● **What to produce**:
Where the records below show the word "mixed" in a line, please copy that line.

● **Available data**:
┄┄┄┄┄┄
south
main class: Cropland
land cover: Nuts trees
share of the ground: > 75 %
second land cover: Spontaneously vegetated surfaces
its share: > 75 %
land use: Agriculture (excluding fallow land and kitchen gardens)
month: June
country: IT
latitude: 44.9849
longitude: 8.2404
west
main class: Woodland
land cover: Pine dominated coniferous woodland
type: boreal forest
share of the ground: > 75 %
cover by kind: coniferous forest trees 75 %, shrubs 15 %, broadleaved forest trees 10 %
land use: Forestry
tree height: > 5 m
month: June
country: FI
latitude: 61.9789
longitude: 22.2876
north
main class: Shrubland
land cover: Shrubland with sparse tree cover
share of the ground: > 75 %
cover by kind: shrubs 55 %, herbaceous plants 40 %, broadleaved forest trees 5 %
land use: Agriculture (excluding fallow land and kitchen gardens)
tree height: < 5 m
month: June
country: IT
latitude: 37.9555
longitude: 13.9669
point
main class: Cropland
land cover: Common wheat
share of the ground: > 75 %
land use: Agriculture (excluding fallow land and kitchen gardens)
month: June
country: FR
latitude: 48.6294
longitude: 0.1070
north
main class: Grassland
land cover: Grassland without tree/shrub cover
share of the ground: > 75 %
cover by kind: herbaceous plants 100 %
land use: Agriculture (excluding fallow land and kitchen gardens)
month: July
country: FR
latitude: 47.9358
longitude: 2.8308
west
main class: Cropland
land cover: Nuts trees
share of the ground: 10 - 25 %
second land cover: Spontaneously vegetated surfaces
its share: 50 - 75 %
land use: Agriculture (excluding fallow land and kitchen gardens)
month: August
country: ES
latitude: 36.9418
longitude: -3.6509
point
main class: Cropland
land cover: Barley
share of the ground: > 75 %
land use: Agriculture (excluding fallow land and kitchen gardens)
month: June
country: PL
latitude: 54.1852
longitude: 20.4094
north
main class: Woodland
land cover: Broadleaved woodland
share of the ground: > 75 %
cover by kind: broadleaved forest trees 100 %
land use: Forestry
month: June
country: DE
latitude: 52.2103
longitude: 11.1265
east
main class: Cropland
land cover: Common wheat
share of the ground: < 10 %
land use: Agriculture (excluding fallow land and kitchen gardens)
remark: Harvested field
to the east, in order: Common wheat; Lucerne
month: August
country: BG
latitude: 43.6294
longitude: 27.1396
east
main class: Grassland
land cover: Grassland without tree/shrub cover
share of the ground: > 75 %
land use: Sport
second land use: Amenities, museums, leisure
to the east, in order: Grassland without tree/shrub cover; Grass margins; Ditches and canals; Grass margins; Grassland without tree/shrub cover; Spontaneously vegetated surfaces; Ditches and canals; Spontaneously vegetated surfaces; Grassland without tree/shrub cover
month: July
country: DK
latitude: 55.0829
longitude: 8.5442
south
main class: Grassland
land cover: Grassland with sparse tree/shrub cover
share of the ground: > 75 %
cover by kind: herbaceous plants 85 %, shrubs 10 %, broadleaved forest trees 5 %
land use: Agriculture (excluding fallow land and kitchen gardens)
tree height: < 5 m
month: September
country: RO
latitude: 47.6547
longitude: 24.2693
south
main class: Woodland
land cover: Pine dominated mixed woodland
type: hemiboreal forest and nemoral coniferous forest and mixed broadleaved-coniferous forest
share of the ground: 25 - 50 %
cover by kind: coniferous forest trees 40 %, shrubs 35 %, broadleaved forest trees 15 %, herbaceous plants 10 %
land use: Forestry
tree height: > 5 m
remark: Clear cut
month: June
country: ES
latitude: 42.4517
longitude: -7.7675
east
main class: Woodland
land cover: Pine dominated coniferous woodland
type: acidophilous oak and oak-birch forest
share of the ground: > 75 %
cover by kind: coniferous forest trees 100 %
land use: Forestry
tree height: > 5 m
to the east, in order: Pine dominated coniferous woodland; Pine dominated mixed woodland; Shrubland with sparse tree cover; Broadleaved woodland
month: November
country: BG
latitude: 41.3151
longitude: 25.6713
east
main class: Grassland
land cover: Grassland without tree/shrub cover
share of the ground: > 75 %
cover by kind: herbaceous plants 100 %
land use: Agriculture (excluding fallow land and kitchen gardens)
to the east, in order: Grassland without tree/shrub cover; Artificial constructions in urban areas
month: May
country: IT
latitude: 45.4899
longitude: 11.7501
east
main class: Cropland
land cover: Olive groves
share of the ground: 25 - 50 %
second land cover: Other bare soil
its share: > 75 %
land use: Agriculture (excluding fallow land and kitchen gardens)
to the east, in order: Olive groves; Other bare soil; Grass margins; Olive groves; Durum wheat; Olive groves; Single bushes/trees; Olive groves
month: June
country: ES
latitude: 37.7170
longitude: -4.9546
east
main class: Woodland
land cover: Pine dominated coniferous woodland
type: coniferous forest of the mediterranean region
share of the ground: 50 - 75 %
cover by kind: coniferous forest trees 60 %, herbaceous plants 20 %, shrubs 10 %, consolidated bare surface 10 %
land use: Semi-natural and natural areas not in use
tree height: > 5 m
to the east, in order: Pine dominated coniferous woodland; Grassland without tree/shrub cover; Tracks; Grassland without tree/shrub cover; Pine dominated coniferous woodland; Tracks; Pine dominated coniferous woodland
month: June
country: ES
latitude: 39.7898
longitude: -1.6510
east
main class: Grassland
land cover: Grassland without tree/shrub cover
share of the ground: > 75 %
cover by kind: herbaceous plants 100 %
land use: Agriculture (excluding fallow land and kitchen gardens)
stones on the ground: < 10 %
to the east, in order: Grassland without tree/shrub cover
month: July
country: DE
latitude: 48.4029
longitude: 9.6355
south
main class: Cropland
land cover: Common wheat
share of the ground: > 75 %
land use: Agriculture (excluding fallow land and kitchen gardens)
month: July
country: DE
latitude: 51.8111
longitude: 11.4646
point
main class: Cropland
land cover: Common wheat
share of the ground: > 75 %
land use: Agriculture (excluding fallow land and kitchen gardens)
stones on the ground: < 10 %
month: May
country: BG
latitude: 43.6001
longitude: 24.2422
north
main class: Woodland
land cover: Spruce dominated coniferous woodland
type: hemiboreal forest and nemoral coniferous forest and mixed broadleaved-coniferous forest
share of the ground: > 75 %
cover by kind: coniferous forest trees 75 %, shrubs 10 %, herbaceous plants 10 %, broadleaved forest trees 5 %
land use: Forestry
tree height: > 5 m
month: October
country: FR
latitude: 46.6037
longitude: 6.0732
┄┄┄┄┄┄
● **Your solution**:
land cover: Pine dominated mixed woodland
type: hemiboreal forest and nemoral coniferous forest and mixed broadleaved-coniferous forest
to the east, in order: Pine dominated coniferous woodland; Pine dominated mixed woodland; Shrubland with sparse tree cover; Broadleaved woodland
type: hemiboreal forest and nemoral coniferous forest and mixed broadleaved-coniferous forest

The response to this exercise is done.